Why would the route to a specific network not be useful if we are going to surf the Internet? Because no one is sure what kind of web sites and services you will be accessing every day. We do not perceive it, but we as users of the network of networks, we are accessing multiple networks on a daily basis.
So the specific static route is not feasible, nor the dynamic one because the home routers would not support all the networks in the world. Hence, the default route will allow us to go where we want, when we need Internet access, since it will send all the default packets to the operator’s router.
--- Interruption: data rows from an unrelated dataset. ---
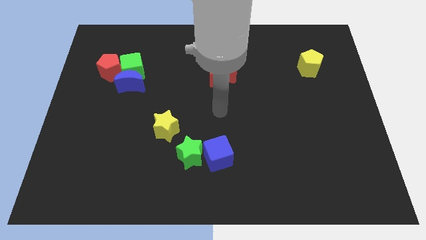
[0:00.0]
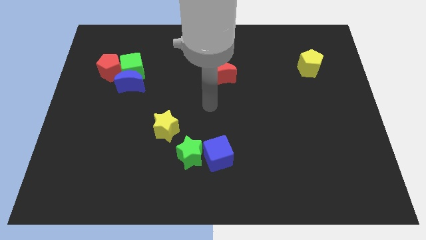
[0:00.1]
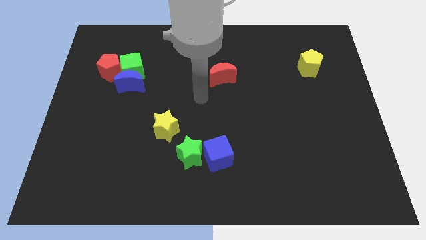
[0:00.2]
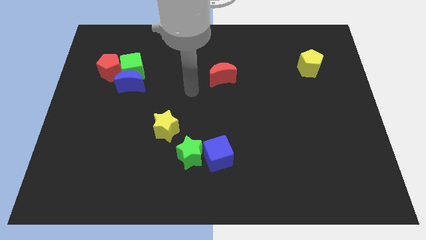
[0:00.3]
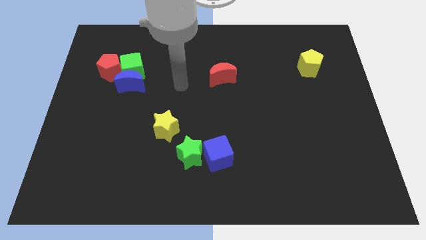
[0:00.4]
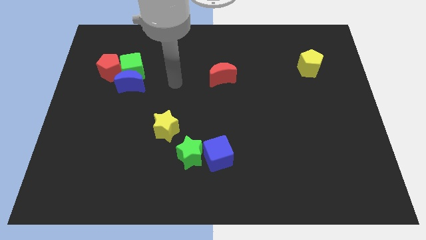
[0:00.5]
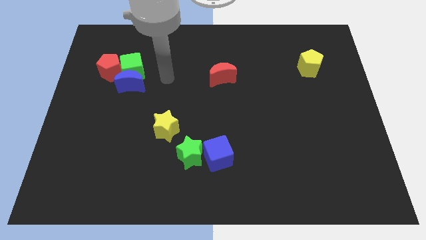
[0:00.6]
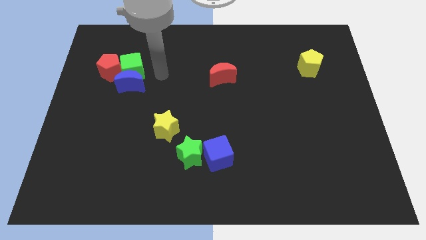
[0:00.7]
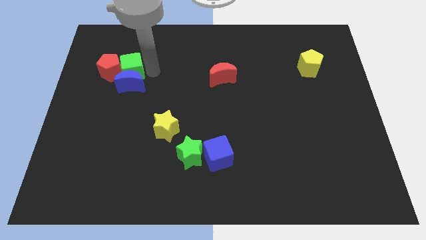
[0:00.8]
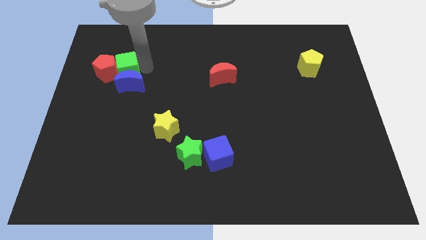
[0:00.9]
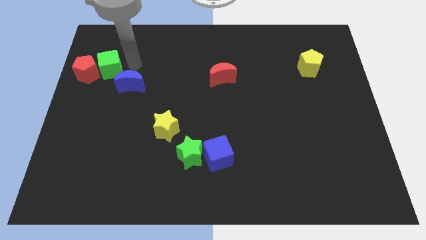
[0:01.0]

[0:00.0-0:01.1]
slide the red pentagon to the center left

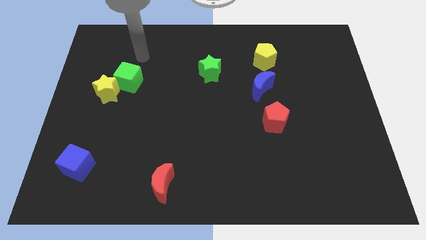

However, the structure of the configuration command is very similar to the “normal” static route. Let’s see its structure:
0.0.0.0 0.0.0.0 IPsiguientesalto | InterfazDeSalida
Let’s apply this structure again to a Cisco router command:
ip route 0.0.0.0 0.0.0.0 192.168.10.5
Instead of the IP of the next hop, that is, the IP of the interface through which the data packet will continue to navigate, we can indicate the interface:
ip route 0.0.0.0 0.0.0.0 serial 0/0/1
Dynamic routing
The routers use the different dynamic routing protocols to share all data related to the state of the networks . Rather than having a network administrator manually configure routing tables, dynamic routing protocols take care of this. The only thing that the administrator will have to do is correctly configure the dynamic routing protocol, and share the networks that are directly connected, so that other routers know where they should go in case access to that network is required. This kind of learning allows the best route to be determined for each case and then adds it to the router’s routing table.
It is important to mention a couple of advantages related to dynamic routing. The most important has to do with the ability to determine a new better route if the one that was originally determined has been taken out of operation. On the other hand, human intervention is not necessary in any case, not even with the most complex network topology changes. Depending on the scenario, we will have to use Interior Gateway Routing Protocols (IGP), which are used within an AS (Autonomous System), such as RIP, OSPF, IS-IS or EIGRP. Also, if we are going to intercommunicate different AS, the protocol used is BGP.